=== DATA SUPPLIED ===

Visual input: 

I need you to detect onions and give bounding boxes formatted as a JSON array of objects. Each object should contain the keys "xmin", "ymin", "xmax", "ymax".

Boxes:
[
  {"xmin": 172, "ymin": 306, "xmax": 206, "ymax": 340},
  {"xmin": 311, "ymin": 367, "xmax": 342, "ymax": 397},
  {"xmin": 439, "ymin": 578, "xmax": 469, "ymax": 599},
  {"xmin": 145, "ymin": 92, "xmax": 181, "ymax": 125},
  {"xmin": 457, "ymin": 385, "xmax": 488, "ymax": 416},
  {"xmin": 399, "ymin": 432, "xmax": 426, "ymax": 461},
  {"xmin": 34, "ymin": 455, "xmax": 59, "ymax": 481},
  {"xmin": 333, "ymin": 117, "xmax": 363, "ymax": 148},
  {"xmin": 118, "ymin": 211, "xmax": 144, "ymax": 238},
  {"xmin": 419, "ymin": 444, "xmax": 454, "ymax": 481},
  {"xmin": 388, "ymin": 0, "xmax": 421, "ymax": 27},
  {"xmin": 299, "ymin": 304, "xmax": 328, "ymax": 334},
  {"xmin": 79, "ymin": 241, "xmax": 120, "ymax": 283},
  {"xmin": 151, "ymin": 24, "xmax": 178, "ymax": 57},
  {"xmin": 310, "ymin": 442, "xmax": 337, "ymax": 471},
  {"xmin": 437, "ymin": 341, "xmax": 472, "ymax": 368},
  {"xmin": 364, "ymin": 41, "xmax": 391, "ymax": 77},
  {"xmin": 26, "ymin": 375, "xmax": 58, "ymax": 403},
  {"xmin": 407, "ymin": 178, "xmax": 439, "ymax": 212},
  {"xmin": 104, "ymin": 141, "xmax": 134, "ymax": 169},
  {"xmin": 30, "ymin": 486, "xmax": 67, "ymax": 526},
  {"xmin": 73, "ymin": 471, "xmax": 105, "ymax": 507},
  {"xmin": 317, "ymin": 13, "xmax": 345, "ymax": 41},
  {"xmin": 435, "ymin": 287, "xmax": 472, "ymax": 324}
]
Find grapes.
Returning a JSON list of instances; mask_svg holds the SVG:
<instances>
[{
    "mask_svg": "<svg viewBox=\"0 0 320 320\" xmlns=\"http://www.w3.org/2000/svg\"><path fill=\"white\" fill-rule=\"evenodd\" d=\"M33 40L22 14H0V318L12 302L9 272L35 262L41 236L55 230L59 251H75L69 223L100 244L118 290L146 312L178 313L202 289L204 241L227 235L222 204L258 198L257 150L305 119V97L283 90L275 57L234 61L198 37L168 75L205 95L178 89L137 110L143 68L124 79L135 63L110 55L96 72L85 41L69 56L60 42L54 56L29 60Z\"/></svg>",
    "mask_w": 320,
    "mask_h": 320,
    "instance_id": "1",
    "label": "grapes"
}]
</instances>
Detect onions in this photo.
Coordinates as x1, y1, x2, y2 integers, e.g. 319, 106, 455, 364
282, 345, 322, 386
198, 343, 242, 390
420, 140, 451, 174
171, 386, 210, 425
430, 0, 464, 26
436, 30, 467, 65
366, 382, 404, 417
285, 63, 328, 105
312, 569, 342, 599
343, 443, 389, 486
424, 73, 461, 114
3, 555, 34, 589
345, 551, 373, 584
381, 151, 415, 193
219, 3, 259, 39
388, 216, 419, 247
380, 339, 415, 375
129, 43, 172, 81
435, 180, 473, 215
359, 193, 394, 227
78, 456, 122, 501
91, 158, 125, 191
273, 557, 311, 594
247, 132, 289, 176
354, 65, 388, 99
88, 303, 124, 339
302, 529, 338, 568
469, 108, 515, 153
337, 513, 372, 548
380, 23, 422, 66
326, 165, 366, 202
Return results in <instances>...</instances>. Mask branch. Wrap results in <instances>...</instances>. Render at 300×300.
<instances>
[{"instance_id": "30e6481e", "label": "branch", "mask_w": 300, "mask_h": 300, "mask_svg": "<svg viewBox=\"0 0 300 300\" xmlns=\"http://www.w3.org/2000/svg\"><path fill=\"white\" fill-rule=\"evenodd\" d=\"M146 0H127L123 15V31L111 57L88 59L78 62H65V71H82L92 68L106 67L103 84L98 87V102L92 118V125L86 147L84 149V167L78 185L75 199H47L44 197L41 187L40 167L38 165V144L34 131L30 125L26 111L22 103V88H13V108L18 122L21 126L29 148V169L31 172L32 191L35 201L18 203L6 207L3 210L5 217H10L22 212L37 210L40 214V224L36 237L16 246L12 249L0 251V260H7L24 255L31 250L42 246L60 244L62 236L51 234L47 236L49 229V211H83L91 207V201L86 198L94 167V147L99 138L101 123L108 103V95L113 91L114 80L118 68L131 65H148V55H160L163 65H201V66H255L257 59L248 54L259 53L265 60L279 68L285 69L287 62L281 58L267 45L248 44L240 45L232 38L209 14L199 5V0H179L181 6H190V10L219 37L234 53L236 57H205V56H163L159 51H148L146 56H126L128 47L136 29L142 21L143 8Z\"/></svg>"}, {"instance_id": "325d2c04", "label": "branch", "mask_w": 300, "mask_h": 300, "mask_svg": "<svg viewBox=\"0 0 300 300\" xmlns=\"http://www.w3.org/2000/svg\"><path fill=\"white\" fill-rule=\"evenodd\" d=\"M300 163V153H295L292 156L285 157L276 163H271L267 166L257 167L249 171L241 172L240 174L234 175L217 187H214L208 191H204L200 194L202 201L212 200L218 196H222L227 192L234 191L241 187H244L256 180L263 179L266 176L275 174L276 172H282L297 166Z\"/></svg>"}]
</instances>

===

▸ BRIEF
Copy out each entry once more, character for character.

▸ RESPONSE AREA
Visual input: 

I need you to detect onions and give bounding boxes formatted as a JSON array of objects. Each object should contain the keys "xmin", "ymin", "xmax", "ymax".

Boxes:
[
  {"xmin": 172, "ymin": 306, "xmax": 206, "ymax": 340},
  {"xmin": 311, "ymin": 367, "xmax": 342, "ymax": 397},
  {"xmin": 439, "ymin": 578, "xmax": 469, "ymax": 599},
  {"xmin": 145, "ymin": 92, "xmax": 181, "ymax": 125},
  {"xmin": 457, "ymin": 385, "xmax": 488, "ymax": 416},
  {"xmin": 399, "ymin": 432, "xmax": 426, "ymax": 461},
  {"xmin": 34, "ymin": 455, "xmax": 59, "ymax": 481},
  {"xmin": 333, "ymin": 117, "xmax": 363, "ymax": 148},
  {"xmin": 118, "ymin": 211, "xmax": 144, "ymax": 238},
  {"xmin": 419, "ymin": 444, "xmax": 454, "ymax": 481},
  {"xmin": 388, "ymin": 0, "xmax": 421, "ymax": 27},
  {"xmin": 299, "ymin": 304, "xmax": 328, "ymax": 334},
  {"xmin": 79, "ymin": 241, "xmax": 120, "ymax": 283},
  {"xmin": 151, "ymin": 24, "xmax": 178, "ymax": 57},
  {"xmin": 310, "ymin": 442, "xmax": 337, "ymax": 471},
  {"xmin": 437, "ymin": 341, "xmax": 472, "ymax": 368},
  {"xmin": 364, "ymin": 41, "xmax": 391, "ymax": 77},
  {"xmin": 26, "ymin": 375, "xmax": 58, "ymax": 403},
  {"xmin": 407, "ymin": 178, "xmax": 439, "ymax": 212},
  {"xmin": 104, "ymin": 141, "xmax": 134, "ymax": 169},
  {"xmin": 30, "ymin": 486, "xmax": 67, "ymax": 526},
  {"xmin": 73, "ymin": 471, "xmax": 105, "ymax": 507},
  {"xmin": 317, "ymin": 13, "xmax": 345, "ymax": 41},
  {"xmin": 435, "ymin": 287, "xmax": 472, "ymax": 324}
]
Find grapes.
Returning a JSON list of instances; mask_svg holds the SVG:
<instances>
[{
    "mask_svg": "<svg viewBox=\"0 0 320 320\" xmlns=\"http://www.w3.org/2000/svg\"><path fill=\"white\" fill-rule=\"evenodd\" d=\"M33 40L22 14H0V318L12 302L9 272L35 262L41 236L55 230L59 251H75L69 223L100 244L118 290L146 312L178 313L202 289L204 241L227 235L222 204L258 198L257 150L305 119V97L283 90L275 57L234 61L198 37L168 75L205 95L178 89L137 110L143 68L124 79L135 63L110 55L96 72L85 41L69 56L60 42L54 56L29 60Z\"/></svg>",
    "mask_w": 320,
    "mask_h": 320,
    "instance_id": "1",
    "label": "grapes"
}]
</instances>
Detect onions in this photo.
Coordinates as x1, y1, x2, y2 integers, e.g. 319, 106, 455, 364
282, 345, 322, 386
198, 343, 242, 390
420, 140, 451, 174
171, 386, 210, 425
430, 0, 464, 26
436, 30, 467, 65
366, 382, 404, 417
285, 63, 328, 105
312, 569, 342, 599
343, 443, 389, 486
424, 73, 461, 114
3, 555, 34, 589
345, 551, 373, 584
381, 151, 415, 193
219, 3, 259, 39
388, 216, 419, 247
380, 339, 415, 375
129, 43, 172, 81
435, 180, 473, 215
359, 193, 394, 227
78, 456, 122, 501
91, 158, 125, 191
273, 557, 311, 594
247, 132, 289, 176
354, 65, 388, 99
88, 303, 124, 339
302, 529, 338, 568
469, 108, 515, 153
337, 513, 372, 548
380, 23, 422, 66
326, 165, 366, 202
Return results in <instances>...</instances>. Mask branch. Wrap results in <instances>...</instances>. Render at 300×300.
<instances>
[{"instance_id": "30e6481e", "label": "branch", "mask_w": 300, "mask_h": 300, "mask_svg": "<svg viewBox=\"0 0 300 300\" xmlns=\"http://www.w3.org/2000/svg\"><path fill=\"white\" fill-rule=\"evenodd\" d=\"M146 0H127L123 15V31L111 57L88 59L78 62H65V71H82L92 68L106 67L103 84L98 87V102L92 118V125L86 147L84 149V167L78 185L75 199H47L44 197L41 187L40 167L38 165V144L34 131L30 125L26 111L22 103V88H13V108L18 122L21 126L29 148V169L31 172L32 191L35 201L18 203L6 207L3 210L5 217H10L22 212L37 210L40 214V224L36 237L16 246L12 249L0 251V260H7L24 255L31 250L42 246L60 244L62 236L51 234L47 236L49 229V211H83L91 207V201L86 198L94 167V147L99 138L101 123L108 103V95L113 91L114 80L118 68L131 65H148V55H160L163 65H201V66H255L257 59L248 54L259 53L265 60L279 68L285 69L287 62L281 58L267 45L248 44L240 45L232 38L209 14L199 5V0H179L181 6H190V10L219 37L234 53L236 57H205V56H163L159 51H148L146 56H126L128 47L136 29L142 21L143 8Z\"/></svg>"}, {"instance_id": "325d2c04", "label": "branch", "mask_w": 300, "mask_h": 300, "mask_svg": "<svg viewBox=\"0 0 300 300\" xmlns=\"http://www.w3.org/2000/svg\"><path fill=\"white\" fill-rule=\"evenodd\" d=\"M300 163V153H295L292 156L285 157L276 163H271L267 166L257 167L249 171L241 172L240 174L234 175L217 187H214L208 191H204L200 194L202 201L212 200L218 196H222L227 192L234 191L241 187H244L256 180L263 179L266 176L275 174L276 172H282L297 166Z\"/></svg>"}]
</instances>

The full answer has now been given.